Formation of nanometer-sized SnO 2 colloids and change in Sn-depth concentration profile in float glass induced by oxygen diffusion from atmosphere at temperatures above Tg

Abstract

The effect of oxygen diffusion from the atmosphere on tin depth profiles in the bottom face of float glass at temperatures above the glass transition temperature ( T g) was investigated by secondary ion mass spectrometry (SIMS) with an oxygen tracer ( 18O) gas and transmission electron microscopy (TEM). The heat treatment was performed in 18O 2/N 2 and argon (Ar) atmospheres. A significant movement of tin to the surface was observed for the glass heat-treated in the 18O 2/N 2 atmosphere, resulting in the formation of a tin-enriched layer near the surface region.

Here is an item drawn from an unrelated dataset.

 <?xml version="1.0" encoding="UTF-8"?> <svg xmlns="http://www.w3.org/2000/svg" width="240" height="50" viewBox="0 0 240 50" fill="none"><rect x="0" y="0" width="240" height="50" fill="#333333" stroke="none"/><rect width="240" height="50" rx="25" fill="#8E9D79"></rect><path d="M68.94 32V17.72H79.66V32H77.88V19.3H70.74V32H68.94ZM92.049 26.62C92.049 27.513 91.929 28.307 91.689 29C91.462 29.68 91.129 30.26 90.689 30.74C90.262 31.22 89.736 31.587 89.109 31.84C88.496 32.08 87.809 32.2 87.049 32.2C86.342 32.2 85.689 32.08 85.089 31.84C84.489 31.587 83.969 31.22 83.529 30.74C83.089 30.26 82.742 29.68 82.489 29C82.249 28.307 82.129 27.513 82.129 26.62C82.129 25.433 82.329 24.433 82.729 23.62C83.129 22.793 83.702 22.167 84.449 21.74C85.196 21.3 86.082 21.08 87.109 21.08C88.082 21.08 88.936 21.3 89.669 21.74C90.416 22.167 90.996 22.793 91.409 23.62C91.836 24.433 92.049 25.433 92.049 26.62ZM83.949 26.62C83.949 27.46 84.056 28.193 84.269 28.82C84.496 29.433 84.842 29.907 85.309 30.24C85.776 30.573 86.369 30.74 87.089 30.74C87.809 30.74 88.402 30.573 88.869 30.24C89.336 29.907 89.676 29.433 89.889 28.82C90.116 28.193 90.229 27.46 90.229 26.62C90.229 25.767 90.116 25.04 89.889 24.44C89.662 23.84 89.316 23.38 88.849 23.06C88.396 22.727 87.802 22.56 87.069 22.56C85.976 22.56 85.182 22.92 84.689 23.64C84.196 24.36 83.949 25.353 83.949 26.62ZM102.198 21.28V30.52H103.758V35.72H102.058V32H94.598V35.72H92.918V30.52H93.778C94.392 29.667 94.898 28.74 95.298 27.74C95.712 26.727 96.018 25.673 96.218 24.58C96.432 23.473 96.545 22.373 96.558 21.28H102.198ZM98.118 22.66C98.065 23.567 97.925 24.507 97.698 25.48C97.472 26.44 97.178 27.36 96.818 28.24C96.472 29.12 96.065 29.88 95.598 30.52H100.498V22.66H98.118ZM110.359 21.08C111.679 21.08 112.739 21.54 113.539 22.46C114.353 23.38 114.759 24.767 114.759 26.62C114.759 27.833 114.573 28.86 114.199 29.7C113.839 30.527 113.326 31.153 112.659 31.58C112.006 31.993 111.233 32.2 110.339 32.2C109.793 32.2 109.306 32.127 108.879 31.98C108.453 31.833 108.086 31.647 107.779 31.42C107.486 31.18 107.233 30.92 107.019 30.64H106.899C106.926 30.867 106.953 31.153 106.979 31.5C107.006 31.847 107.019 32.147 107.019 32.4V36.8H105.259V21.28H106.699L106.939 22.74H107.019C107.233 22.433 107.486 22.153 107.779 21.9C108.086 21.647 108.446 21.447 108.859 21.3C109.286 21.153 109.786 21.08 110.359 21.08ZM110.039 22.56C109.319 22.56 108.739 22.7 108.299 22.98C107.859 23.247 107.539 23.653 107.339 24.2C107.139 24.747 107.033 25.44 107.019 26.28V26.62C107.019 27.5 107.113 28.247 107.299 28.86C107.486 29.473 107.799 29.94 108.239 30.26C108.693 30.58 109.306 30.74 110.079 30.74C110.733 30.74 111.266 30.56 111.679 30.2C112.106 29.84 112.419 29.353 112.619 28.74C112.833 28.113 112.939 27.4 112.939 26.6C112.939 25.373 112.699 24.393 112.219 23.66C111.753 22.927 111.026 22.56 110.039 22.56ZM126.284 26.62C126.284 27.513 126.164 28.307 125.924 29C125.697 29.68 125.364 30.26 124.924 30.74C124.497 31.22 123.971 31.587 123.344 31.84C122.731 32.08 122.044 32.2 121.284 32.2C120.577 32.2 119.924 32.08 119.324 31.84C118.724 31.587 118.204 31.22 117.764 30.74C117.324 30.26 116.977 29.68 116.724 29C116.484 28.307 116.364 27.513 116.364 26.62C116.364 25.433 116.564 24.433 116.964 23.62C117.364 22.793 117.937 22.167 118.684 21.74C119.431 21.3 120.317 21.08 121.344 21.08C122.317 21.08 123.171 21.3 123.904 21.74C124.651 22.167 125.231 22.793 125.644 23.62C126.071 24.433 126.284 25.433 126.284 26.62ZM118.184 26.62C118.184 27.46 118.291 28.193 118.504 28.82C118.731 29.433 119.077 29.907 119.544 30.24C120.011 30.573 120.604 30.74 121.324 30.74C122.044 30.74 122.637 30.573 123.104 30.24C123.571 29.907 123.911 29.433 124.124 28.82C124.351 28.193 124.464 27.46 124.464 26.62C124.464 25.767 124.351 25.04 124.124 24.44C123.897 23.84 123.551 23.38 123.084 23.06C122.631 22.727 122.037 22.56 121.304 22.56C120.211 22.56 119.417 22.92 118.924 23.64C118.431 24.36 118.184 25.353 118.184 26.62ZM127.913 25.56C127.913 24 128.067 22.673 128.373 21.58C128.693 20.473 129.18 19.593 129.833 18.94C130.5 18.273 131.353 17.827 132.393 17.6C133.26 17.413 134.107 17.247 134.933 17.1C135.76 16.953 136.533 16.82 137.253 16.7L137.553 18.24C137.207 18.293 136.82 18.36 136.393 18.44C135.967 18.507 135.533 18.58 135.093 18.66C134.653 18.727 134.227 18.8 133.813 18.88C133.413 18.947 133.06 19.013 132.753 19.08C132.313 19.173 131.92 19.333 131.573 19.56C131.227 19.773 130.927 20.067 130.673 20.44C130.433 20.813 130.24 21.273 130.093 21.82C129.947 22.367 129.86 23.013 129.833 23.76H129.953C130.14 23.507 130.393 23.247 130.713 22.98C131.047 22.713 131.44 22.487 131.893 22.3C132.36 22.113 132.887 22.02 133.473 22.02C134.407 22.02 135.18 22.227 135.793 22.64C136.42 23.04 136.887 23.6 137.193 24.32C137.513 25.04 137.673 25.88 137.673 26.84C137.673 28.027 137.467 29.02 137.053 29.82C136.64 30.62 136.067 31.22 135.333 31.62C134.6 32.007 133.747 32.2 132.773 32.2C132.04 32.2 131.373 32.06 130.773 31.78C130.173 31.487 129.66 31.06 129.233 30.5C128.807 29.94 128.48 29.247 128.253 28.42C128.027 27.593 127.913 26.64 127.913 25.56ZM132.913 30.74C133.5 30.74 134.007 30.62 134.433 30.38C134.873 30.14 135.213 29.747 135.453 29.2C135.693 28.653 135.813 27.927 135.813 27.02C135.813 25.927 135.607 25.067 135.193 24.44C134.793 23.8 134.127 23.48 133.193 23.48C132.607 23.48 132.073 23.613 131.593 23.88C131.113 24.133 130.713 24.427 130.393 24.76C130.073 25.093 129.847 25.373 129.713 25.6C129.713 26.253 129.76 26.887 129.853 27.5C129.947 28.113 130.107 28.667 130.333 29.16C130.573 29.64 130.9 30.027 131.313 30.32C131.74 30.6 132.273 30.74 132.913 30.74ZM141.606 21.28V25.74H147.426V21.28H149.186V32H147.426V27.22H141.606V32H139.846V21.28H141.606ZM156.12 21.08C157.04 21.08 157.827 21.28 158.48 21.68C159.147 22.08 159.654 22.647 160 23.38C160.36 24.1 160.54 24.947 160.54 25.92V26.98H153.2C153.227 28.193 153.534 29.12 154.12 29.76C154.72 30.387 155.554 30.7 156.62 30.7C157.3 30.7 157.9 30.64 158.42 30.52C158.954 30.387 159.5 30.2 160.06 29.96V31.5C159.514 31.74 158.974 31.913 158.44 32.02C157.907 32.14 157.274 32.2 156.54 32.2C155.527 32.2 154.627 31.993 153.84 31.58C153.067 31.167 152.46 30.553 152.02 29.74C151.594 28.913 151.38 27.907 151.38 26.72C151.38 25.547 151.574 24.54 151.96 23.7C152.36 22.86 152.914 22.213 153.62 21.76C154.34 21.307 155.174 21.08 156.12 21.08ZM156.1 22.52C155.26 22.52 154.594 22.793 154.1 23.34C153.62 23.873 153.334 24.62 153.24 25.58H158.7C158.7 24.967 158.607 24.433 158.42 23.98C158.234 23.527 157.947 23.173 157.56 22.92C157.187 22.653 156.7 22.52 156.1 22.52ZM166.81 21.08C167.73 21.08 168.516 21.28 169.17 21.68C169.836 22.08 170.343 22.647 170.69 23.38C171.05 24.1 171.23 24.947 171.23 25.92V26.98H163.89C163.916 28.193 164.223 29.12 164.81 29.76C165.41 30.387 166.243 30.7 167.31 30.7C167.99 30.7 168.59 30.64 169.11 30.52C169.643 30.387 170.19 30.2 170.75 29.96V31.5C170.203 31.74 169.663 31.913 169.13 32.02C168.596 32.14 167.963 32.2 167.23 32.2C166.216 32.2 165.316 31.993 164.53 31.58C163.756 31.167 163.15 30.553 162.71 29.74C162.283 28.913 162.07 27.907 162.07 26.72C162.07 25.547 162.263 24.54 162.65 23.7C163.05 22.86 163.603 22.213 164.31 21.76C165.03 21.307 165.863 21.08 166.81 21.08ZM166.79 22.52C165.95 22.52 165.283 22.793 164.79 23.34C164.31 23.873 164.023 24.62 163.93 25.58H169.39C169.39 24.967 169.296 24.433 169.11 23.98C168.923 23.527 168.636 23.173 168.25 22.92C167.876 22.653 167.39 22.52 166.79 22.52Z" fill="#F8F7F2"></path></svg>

It was found that the tin was supplied from the region shallower than the `hump' which is commonly observed in tin profiles of float glass. No significant change in the tin depth profile was observed for the glass heat-treated in Ar atmosphere. These results indicate that 18O diffusion into the glass, which causes the change in chemical state of tin from Sn 2+ to Sn 4+, induces a significant diffusion of tin. Furthermore, the precipitation of crystalline SnO 2 particles with a diameter of ∼1 nm was clearly recognized in the tin-enriched layer. This fact indicates that a phase separation was induced by the oxygen diffusion into the glass. Consequently, Sn 2+ may be supplied to the surface in order to compensate for the marked decrease in Sn 2+ concentration in the glass system. It was considered that the oxidation of Sn 2+ ions into Sn 4+ in the tin-rich layers by O 2-diffusion from the atmosphere leads to the phase separation, and the resulting decrease in the Sn 2+ concentration in the top layers that induces the out-diffusion of Sn 2+ ions from the inside.